To date, marketplaces have largely served to achieve better *utilization* of supply by the owners of that supply. A suitably large marketplace will be deemed successful by suppliers if they can achieve what they consider some acceptable rate of utilization. You would know better than I what that rate is - I suspect it varies by the type of supply.
But in my mind, the big role for AI to play in marketplaces is to optimize the actual supply *itself*, not just its utilization. What does that mean? Well, let me give some concrete examples and then draw a more abstract generalization.
I'll use farm equipment as a concrete, complicated example because it's in my wheelhouse. Farm equipment tends to have high cost and low utilization. Farmers own (or more accurately, make payments to the bank on) this equipment so that it's available when and where they need it nearly instantaneously. In some parts of the world, like India, there are already marketplaces for farm equipment which enable those who cannot afford such equipment to "lease" it on a short term basis from those who do. Hold that thought for a moment.

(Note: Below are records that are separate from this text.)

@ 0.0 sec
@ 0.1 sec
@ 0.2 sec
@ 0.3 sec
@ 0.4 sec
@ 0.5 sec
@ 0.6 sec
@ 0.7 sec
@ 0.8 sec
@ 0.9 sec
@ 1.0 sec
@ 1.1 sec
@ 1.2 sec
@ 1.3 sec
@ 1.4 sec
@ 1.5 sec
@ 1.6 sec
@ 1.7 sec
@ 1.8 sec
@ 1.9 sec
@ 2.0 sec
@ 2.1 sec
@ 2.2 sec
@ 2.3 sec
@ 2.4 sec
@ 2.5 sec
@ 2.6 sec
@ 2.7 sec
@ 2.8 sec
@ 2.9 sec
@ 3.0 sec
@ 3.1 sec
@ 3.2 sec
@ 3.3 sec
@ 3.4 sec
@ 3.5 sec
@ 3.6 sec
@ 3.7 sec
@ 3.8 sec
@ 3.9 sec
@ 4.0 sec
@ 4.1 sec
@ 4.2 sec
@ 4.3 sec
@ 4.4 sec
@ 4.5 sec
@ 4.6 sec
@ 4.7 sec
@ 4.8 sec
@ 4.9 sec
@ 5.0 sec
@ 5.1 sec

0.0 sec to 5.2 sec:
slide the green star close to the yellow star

A second example, even closer to my heart, would be a drift boat for fly fishing. I would love my own drift boat, but I'm not a fishing guide, and I know it would sit idle in my driveway for probably 300+ days a year. Now you could imagine a traditional marketplace for sporting goods that might let me find an available drift boat for the day and lease it. But does AI enable a better model?

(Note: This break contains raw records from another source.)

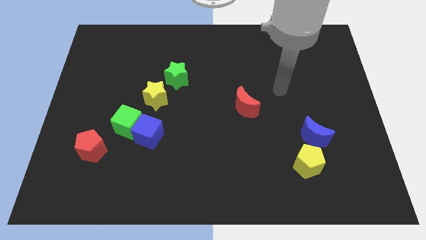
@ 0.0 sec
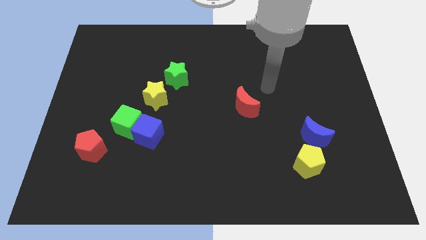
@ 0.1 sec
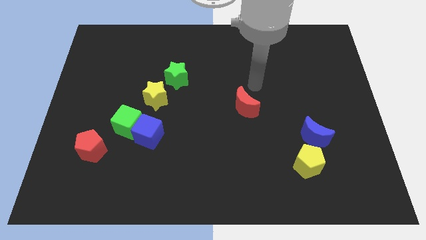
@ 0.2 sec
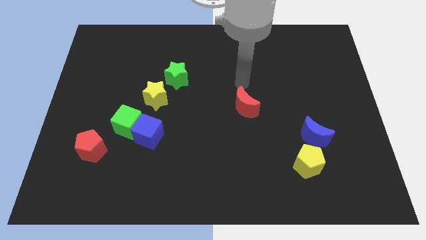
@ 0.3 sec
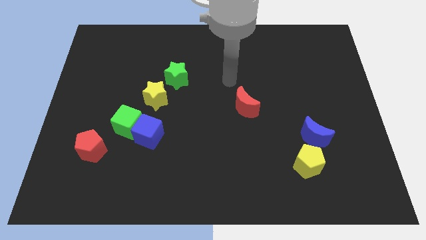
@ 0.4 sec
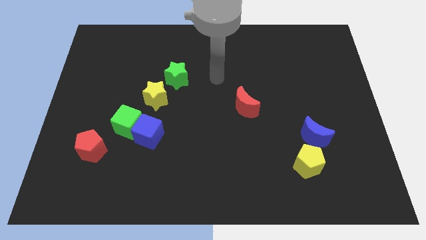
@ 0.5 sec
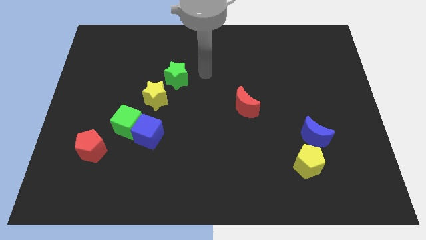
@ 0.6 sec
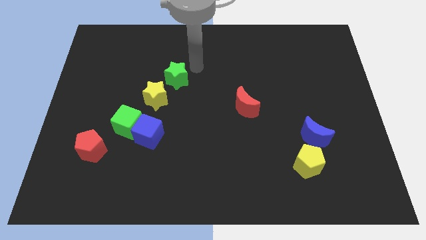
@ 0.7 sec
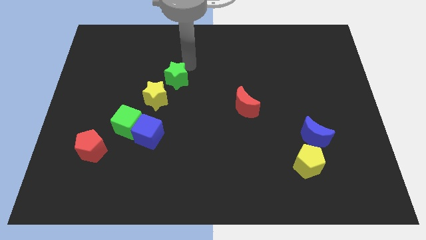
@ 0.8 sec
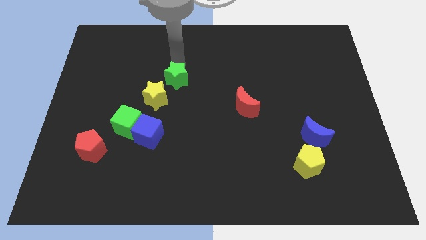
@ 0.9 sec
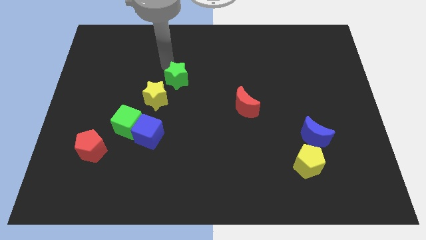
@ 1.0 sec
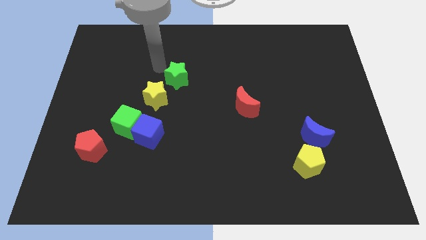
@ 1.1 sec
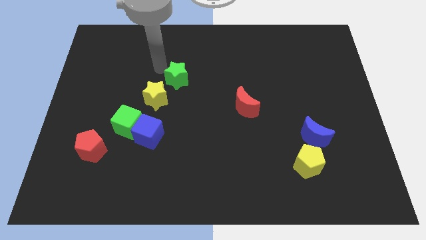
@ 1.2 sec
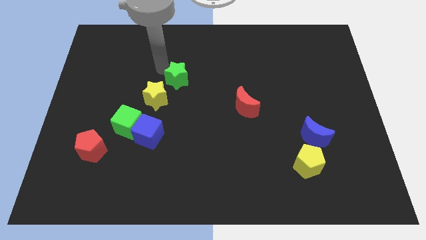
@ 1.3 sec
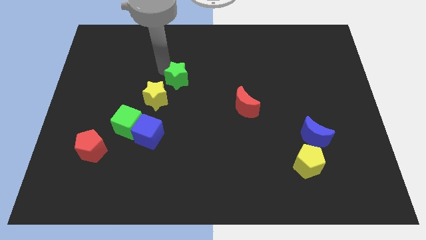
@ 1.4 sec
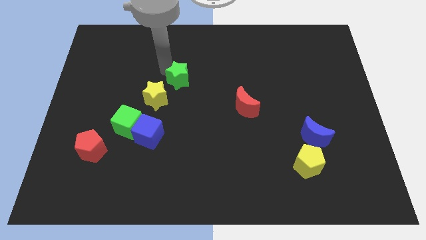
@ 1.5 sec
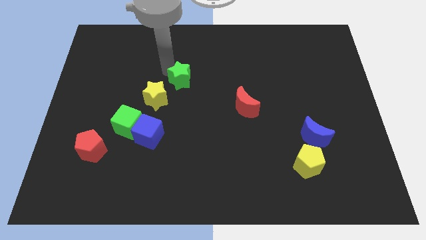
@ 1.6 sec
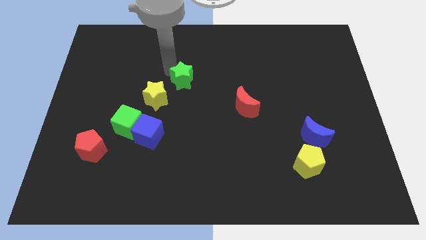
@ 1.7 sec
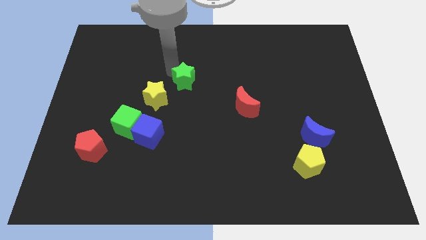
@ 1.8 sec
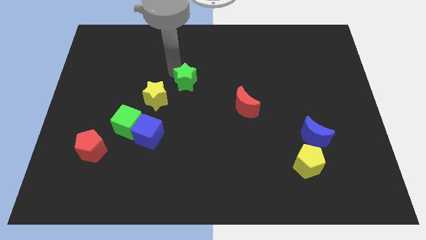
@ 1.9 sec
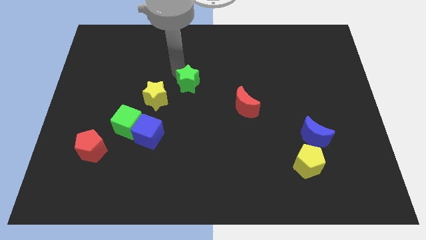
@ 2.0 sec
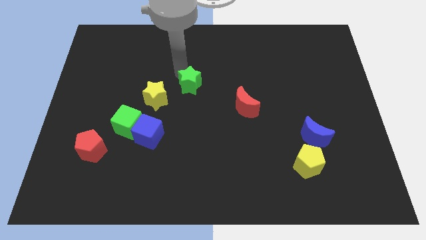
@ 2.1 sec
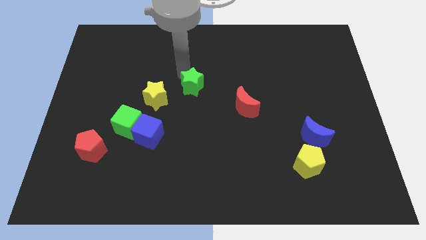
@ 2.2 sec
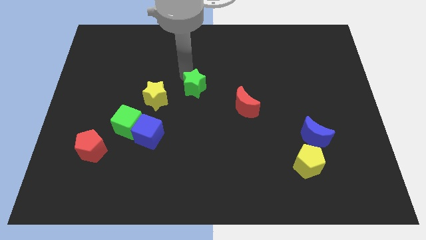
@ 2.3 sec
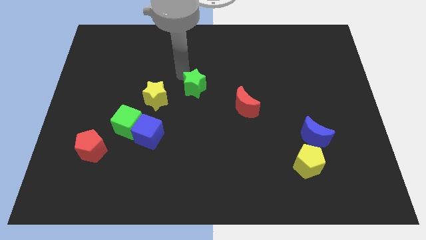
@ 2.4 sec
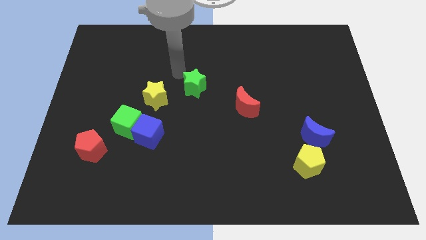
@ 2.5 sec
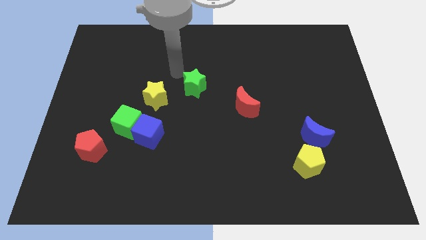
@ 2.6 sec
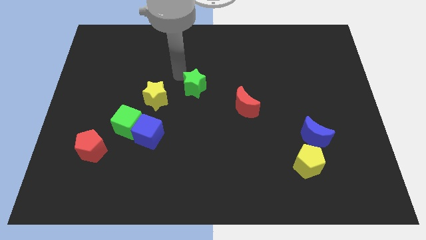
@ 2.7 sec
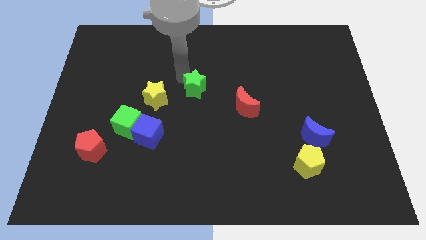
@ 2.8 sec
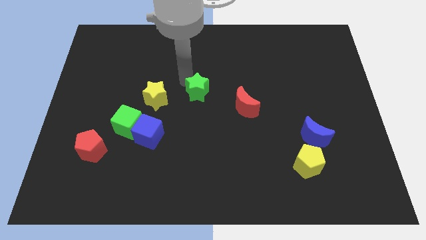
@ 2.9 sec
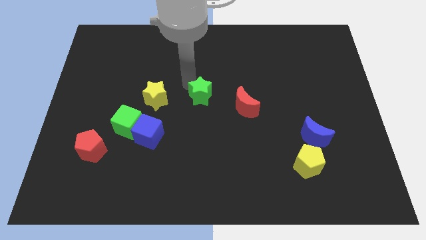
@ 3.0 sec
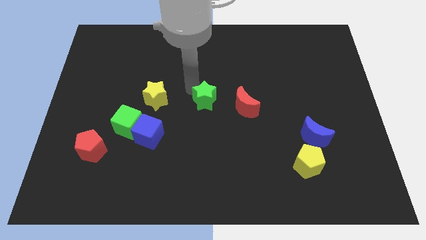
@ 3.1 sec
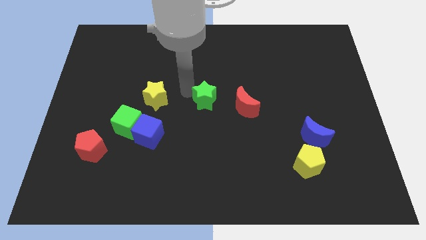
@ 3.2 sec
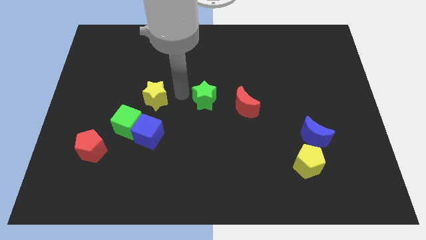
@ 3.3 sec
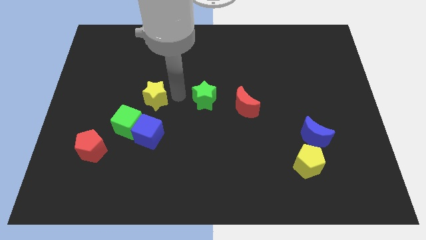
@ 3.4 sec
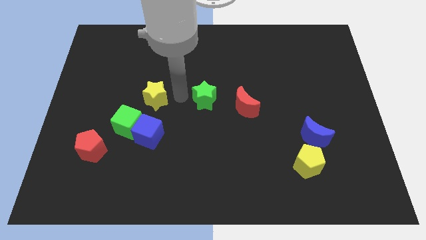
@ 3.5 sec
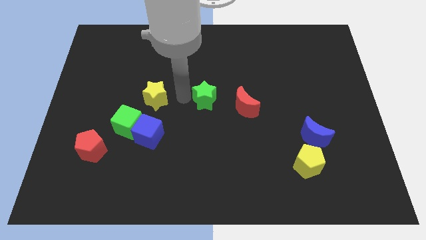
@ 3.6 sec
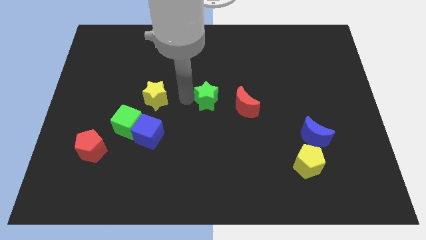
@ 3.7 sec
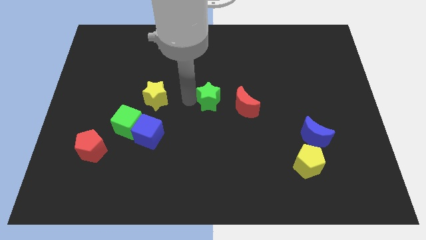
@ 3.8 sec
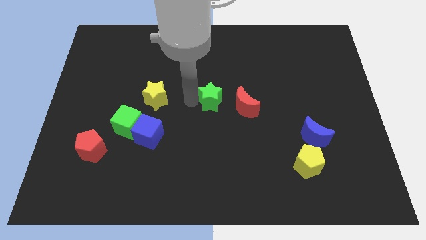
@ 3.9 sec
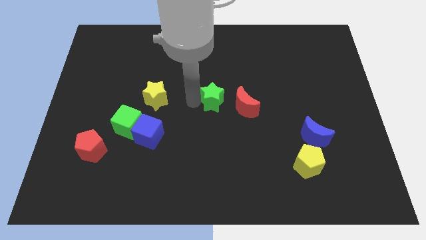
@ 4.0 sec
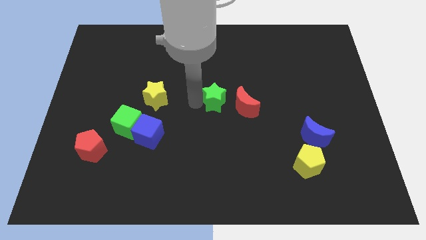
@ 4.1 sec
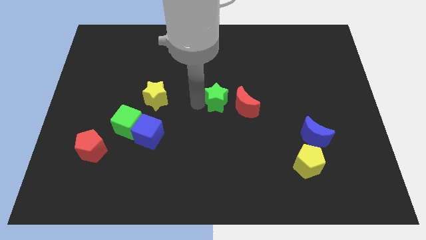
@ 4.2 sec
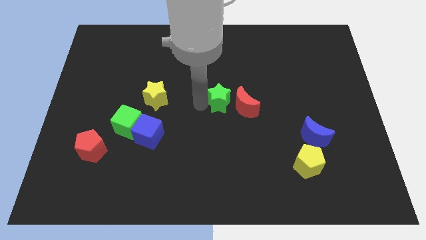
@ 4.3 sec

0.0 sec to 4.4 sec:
move the green star towards the red moon

What if AI could understand the usage nature of a particular type of supply, then aggregate a pool of demand for any particular unit of supply that optimized (for some definition) that unit almost perfectly? In my farming example, it might look like a group of farmers geographically oriented south to north, such that in the Spring when the southernmost farmer was done with the equipment it could be utilized further north when the next farmer is ready for it (this exists today btw in some form through service providers). In the Fall this would work the same way in reverse (North to South). In my drift boat example, maybe AI could optimize a group of us fly fishers who live close by who like to (or are able to) fish on different days of the week, thus optimizing the boat such that it is out on the water nearly every day.
Now let's take this asset utilization exercise to its extreme... If you could be assured of an asset's utilization, and understood the initial cost, appreciation or depreciation, financing, maintenance, etc.- two new scenarios present themselves. Either the marketplace *itself* should own (and manage) the assets, or the supply and demand sides of the marketplace merge into a single entity - forming a sort of AI-driven collective. There's even a hybrid approach where the marketplace supports both scenarios.
I think this could be the next generation of marketplaces because you add the entire TAM of the market value of the assets themselves - not just their rental value. You can also optimize the inventory. In my drift boat example, a group of fly fishers could all be part owner of the drift boat itself - not just paying to use it for a day. If I wanted to "sell" my ownership, the marketplace AI could facilitate finding my perfect "buyer" to replace me in my collective. Alternatively, the AI driven marketplace could optimize the inventory of drift boats, managing that inventory as an asset class itself in addition to the rental income of that asset.
So, to generalize, what if the AI driven marketplace doesn't have a distinct supply and demand side at all, but rather reduces the problem down to pure asset optimization? That seems like the real opportunity for AI, as "optimization" is such a wildly different equation depending on the asset and/or demand characteristics.
This is great. I haven't seen a lot of discussion on how AI fundamentally changes marketplaces, this is definitely an interesting perspective.